Clustering Algorithms

Let's quickly look at types of clustering algorithms and when you should choose each type.

When choosing a clustering algorithm, you should consider whether the algorithm scales to your dataset. Datasets in machine learning can have millions of examples, but not all clustering algorithms scale efficiently. Many clustering algorithms work by computing the similarity between all pairs of examples. This means their runtime increases as the square of the number of examples \(n\), denoted as \(O(n^2)\) in complexity notation. \(O(n^2)\) algorithms are not practical when the number of examples are in millions. This course focuses on the k-means algorithm, which has a complexity of \(O(n)\), meaning that the algorithm scales linearly with \(n\).

Types of Clustering

Several approaches to clustering exist. For an exhaustive list, see A Comprehensive Survey of Clustering Algorithms Xu, D. & Tian, Y. Ann. Data. Sci. (2015) 2: 165. Each approach is best suited to a particular data distribution. Below is a short discussion of four common approaches, focusing on centroid-based clustering using k-means.

Centroid-based Clustering

Centroid-based clustering organizes the data into non-hierarchical clusters, in contrast to hierarchical clustering defined below. k-means is the most widely-used centroid-based clustering algorithm. Centroid-based algorithms are efficient but sensitive to initial conditions and outliers. This course focuses on k-means because it is an efficient, effective, and simple clustering algorithm.

Examples grouped into clusters using centroid-based clustering.
           The lines show borders between clusters.
Figure 1: Example of centroid-based clustering.

Density-based Clustering

Density-based clustering connects areas of high example density into clusters. This allows for arbitrary-shaped distributions as long as dense areas can be connected. These algorithms have difficulty with data of varying densities and high dimensions. Further, by design, these algorithms do not assign outliers to clusters.

Examples grouped into two clusters using density-based clustering. The clusters are not separable linearly.
Figure 2: Example of density-based clustering.

Distribution-based Clustering

This clustering approach assumes data is composed of distributions, such as Gaussian distributions. In Figure 3, the distribution-based algorithm clusters data into three Gaussian distributions. As distance from the distribution's center increases, the probability that a point belongs to the distribution decreases. The bands show that decrease in probability. When you do not know the type of distribution in your data, you should use a different algorithm.

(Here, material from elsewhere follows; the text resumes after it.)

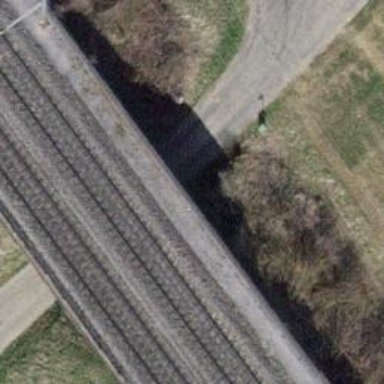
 categorized as unclassified. The road has grade1 tracktype."

Examples clustered using distribution-based clustering. The shading of the density of examples in each cluster shows how the clusters map to distributions.
Figure 3: Example of distribution-based clustering.

Hierarchical Clustering

Hierarchical clustering creates a tree of clusters. Hierarchical clustering, not surprisingly, is well suited to hierarchical data, such as taxonomies. See Comparison of 61 Sequenced Escherichia coli Genomes by Oksana Lukjancenko, Trudy Wassenaar & Dave Ussery for an example. In addition, another advantage is that any number of clusters can be chosen by cutting the tree at the right level.

Animals clustered by using a hierarchical tree.
Figure 4: Example of a hierarchical tree clustering animals.